Pictures aside, copy exactly the lines running from the one with "ބާރުގަދަ ކުރަން ބޭނުންވާ" to the end of the records.

---- PROVIDED RECORDS

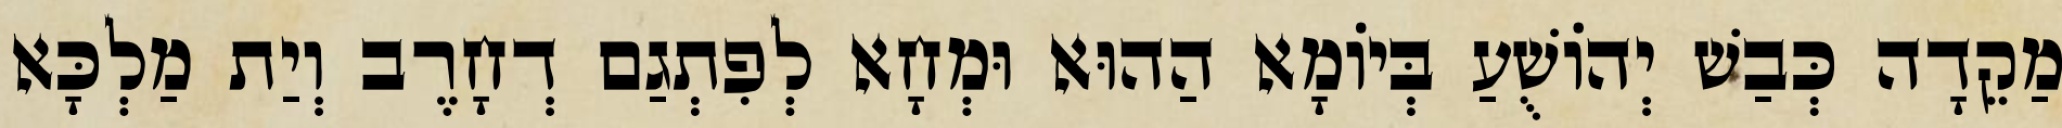
מַקֵדָה כְּבַשׁ יְהוֹשֻׁעַ בְּיוֹמָא הַהוּא וּמְחָא לְפִתְגַם דְחָרֶב וְיַת מַלְכָּא
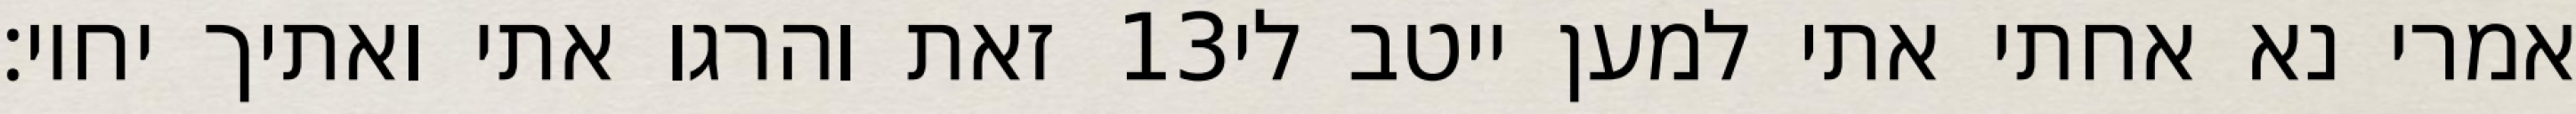
זאת והרגו אתי ואתיך יחיו׃ ‎13‏ אמרי נא אחתי אתי למען ייטב לי
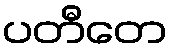
ပတီတေ
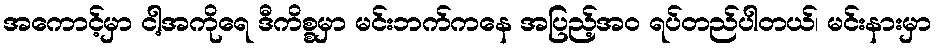
အကောင့်မှာ ငါ့အကိုရေ ဒီကိစ္စမှာ မင်းဘက်ကနေ အပြည့်အဝ ရပ်တည်ပါတယ်၊ မင်းနားမှာ
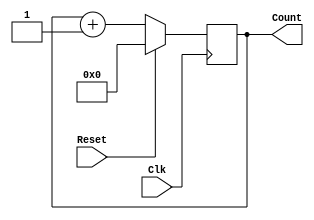
module Counter_N(
    input Clk,
    input Reset,
    output [3:0]Count
    );
    reg [3:0]Count;
    
    always@(posedge Clk)
    begin
    if(Reset==1'b1)
        Count = 0;
    else
    Count = Count + 1;
    end
endmodule
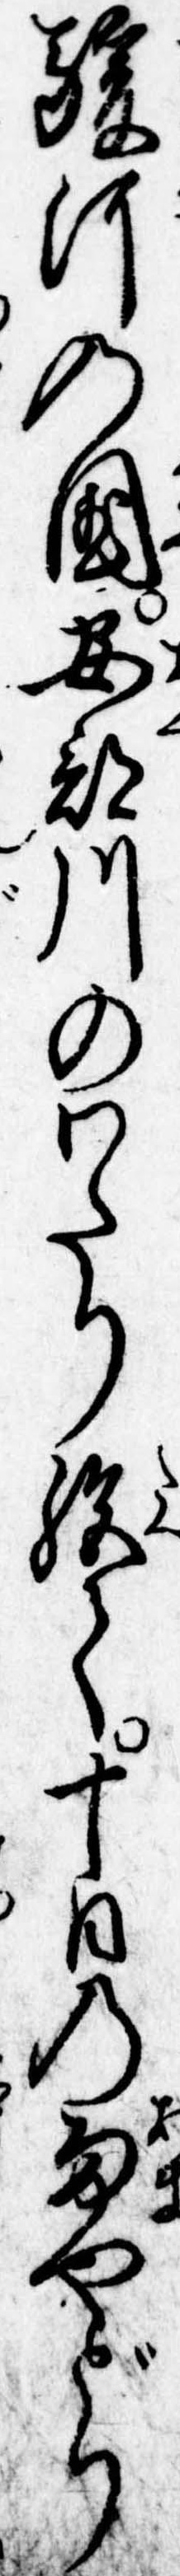
駿河の国安部川のわたり絶て十日の雨やどり
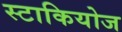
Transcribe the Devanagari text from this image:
स्टाकियोज
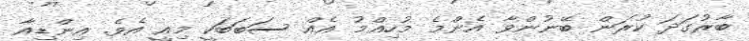
ބާރުގަދަ ކުރަން ބޭނުންވާ އެންމެ މުހިއްމު އެއް ސަބަބަކީ މިއީ އެވެ. އިންޑިއާ
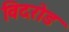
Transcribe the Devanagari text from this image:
विदरोड
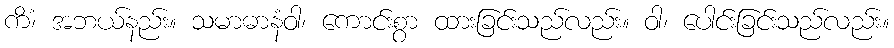
ကိံ၊ အဘယ်နည်း။ သမာဓာနံဝါ၊ ကောင်းစွာ ထားခြင်းသည်လည်း။ ဝါ၊ ပေါင်းခြင်းသည်လည်း။
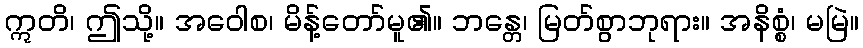
ဣတိ၊ ဤသို့။ အဝေါစ၊ မိန့်တော်မူ၏။ ဘန္တေ၊ မြတ်စွာဘုရား။ အနိစ္စံ၊ မမြဲ။
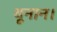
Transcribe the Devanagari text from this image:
यूनान।

--------

* _RESULT OF THIS EXERCISE_
ބާރުގަދަ ކުރަން ބޭނުންވާ އެންމެ މުހިއްމު އެއް ސަބަބަކީ މިއީ އެވެ. އިންޑިއާ
Transcribe the Devanagari text from this image:
विदरोड
ကိံ၊ အဘယ်နည်း။ သမာဓာနံဝါ၊ ကောင်းစွာ ထားခြင်းသည်လည်း။ ဝါ၊ ပေါင်းခြင်းသည်လည်း။
ဣတိ၊ ဤသို့။ အဝေါစ၊ မိန့်တော်မူ၏။ ဘန္တေ၊ မြတ်စွာဘုရား။ အနိစ္စံ၊ မမြဲ။
Transcribe the Devanagari text from this image:
यूनान।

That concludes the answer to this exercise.